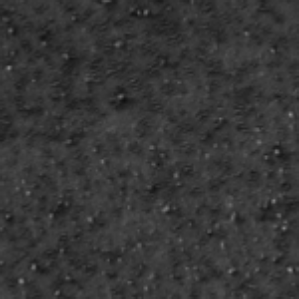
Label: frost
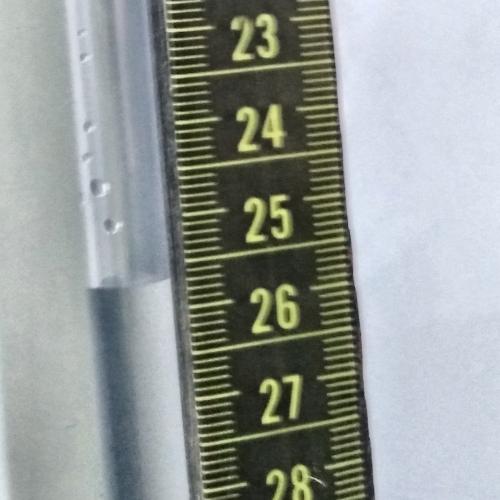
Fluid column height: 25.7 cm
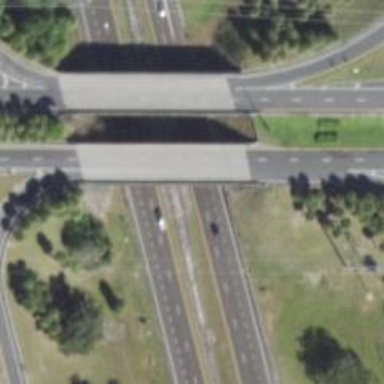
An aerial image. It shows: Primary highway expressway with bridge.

*-*-*

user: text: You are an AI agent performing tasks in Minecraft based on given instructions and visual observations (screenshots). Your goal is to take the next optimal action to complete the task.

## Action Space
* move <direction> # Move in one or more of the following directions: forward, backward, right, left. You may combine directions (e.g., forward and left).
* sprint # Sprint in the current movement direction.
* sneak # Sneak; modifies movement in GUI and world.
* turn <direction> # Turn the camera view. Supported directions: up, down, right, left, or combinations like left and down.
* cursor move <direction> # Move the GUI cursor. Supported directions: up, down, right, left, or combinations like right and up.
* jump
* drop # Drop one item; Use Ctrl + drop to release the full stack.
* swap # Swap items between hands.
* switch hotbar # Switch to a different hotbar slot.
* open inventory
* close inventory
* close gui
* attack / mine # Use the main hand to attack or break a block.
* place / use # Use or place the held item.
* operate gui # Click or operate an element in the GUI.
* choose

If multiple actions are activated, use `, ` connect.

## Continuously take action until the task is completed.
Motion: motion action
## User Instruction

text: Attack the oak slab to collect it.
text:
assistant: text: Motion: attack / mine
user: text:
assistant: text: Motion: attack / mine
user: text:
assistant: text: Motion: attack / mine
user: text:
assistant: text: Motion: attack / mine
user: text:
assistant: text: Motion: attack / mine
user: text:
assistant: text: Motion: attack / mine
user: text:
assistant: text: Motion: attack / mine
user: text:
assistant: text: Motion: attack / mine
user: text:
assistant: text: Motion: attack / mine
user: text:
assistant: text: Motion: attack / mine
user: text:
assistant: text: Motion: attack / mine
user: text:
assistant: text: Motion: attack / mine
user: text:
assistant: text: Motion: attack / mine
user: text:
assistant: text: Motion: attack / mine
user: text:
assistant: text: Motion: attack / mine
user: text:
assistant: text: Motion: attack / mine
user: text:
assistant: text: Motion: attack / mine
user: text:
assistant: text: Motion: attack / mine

*-*-*

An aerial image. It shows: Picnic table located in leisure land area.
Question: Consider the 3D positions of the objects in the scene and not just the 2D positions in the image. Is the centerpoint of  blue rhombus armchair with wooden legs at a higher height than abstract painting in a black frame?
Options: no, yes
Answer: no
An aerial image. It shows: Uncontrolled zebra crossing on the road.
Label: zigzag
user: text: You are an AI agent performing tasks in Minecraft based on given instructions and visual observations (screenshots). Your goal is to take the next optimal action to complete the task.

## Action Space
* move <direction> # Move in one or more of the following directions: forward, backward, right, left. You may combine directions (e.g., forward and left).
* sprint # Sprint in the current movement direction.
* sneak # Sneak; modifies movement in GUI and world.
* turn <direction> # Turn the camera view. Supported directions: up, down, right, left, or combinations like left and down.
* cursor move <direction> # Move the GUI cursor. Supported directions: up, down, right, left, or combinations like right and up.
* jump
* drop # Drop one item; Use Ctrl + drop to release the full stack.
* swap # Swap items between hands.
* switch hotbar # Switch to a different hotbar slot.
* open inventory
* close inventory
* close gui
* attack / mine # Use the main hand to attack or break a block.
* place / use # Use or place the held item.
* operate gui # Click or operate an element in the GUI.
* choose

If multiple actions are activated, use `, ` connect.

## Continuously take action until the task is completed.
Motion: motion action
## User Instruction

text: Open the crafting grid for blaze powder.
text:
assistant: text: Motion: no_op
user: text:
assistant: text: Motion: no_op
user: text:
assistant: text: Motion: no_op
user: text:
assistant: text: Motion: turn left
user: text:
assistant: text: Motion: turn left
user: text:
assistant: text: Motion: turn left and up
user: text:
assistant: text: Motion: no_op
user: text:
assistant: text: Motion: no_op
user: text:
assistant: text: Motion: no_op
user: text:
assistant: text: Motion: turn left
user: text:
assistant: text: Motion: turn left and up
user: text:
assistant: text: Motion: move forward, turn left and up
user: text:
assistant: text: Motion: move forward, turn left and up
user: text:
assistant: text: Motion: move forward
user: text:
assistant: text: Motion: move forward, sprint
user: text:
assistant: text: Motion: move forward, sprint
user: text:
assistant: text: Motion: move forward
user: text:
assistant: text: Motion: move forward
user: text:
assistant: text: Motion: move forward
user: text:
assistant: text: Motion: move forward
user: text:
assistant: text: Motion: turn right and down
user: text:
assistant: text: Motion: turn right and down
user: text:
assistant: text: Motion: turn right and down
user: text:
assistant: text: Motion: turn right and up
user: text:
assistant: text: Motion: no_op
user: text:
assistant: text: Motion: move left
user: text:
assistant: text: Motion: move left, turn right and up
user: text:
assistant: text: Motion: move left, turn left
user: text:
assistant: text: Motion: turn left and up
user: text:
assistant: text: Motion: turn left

*-*-*

Instructions for the task – Only lines holding the word "height" belong in the answer; copy all of them from the records.

Problem solution –
Fluid column height: 25.7 cm
Question: Consider the 3D positions of the objects in the scene and not just the 2D positions in the image. Is the centerpoint of  blue rhombus armchair with wooden legs at a higher height than abstract painting in a black frame?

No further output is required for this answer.